= WHAT IS BEING ASKED =
Keep every word the same. Repeat the records without their images.

= DATASET CONTENT =
-=-=-=-=-

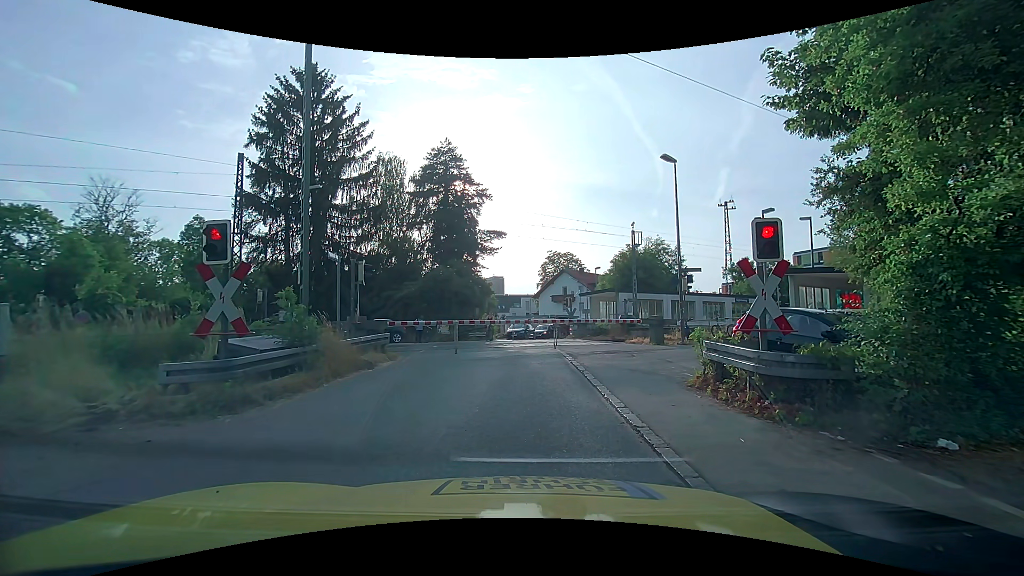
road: unclassified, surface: asphalt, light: Day
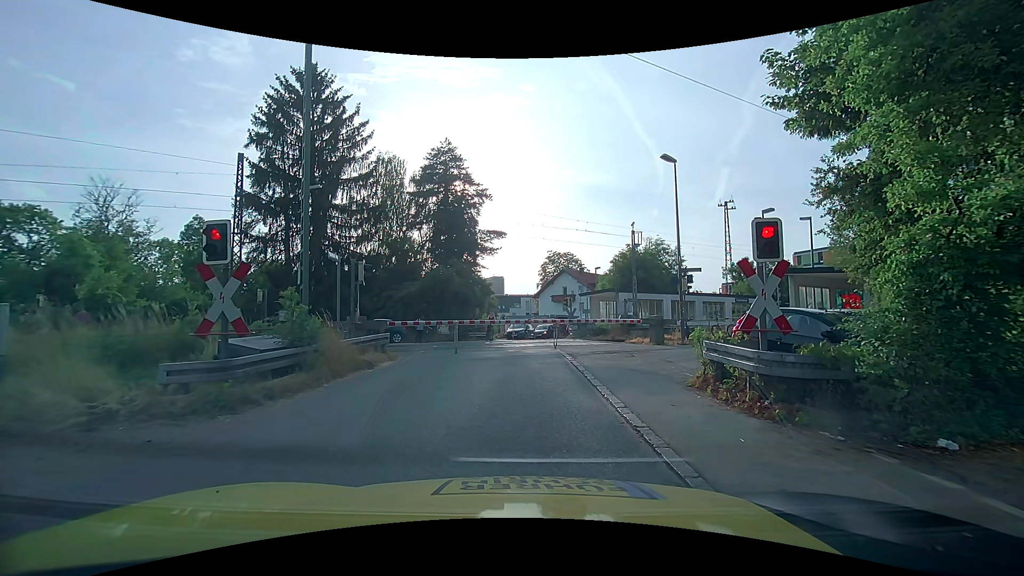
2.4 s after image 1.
(0.0, 0.0) m; 0°
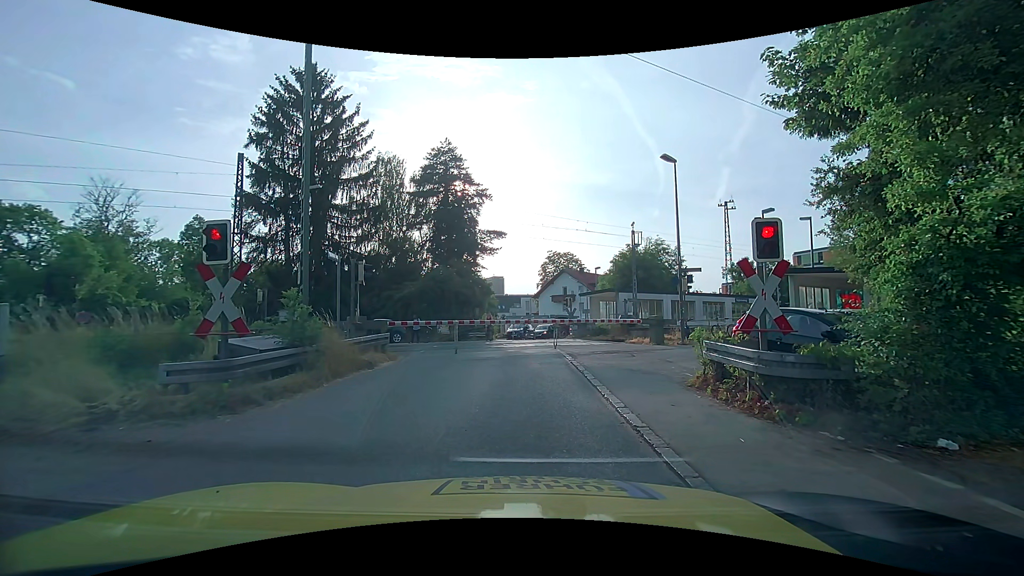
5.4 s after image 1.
(0.0, 0.0) m; 0°
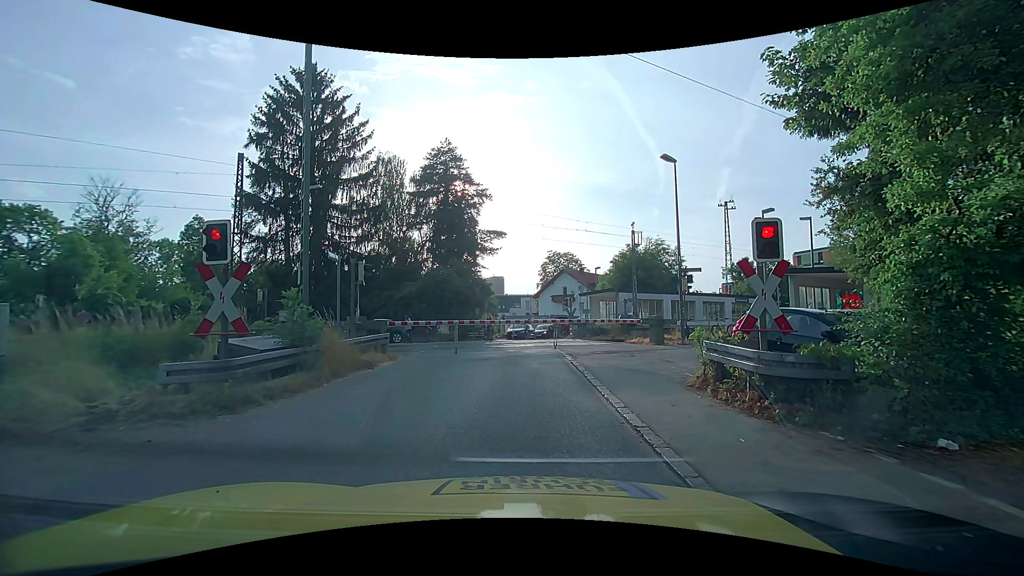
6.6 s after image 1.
(0.0, 0.0) m; 0°
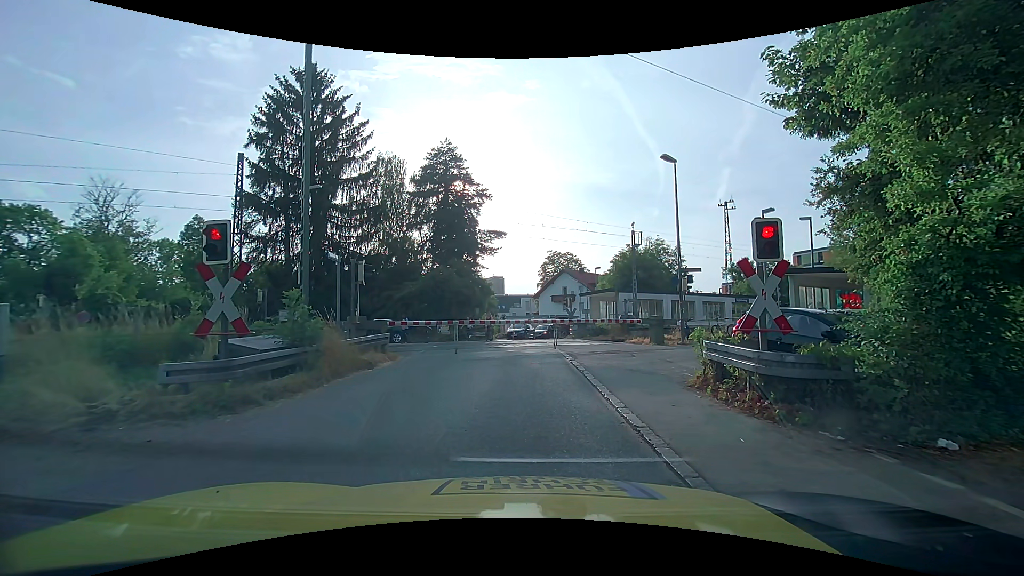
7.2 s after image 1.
(0.0, 0.0) m; 0°
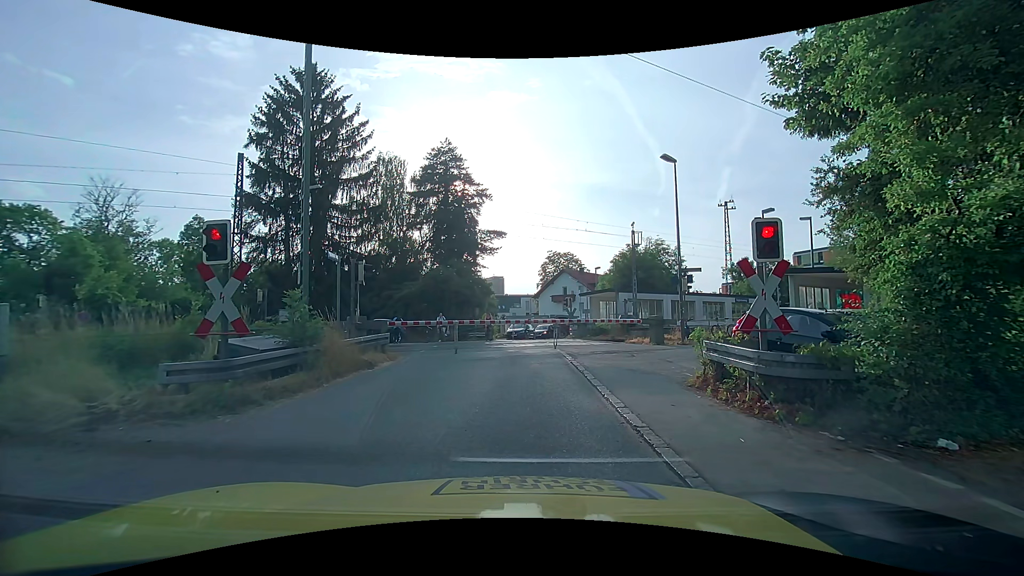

-=-=-=-=-

= SOLUTION =
road: unclassified, surface: asphalt, light: Day
2.4 s after image 1.
(0.0, 0.0) m; 0°
5.4 s after image 1.
(0.0, 0.0) m; 0°
6.6 s after image 1.
(0.0, 0.0) m; 0°
7.2 s after image 1.
(0.0, 0.0) m; 0°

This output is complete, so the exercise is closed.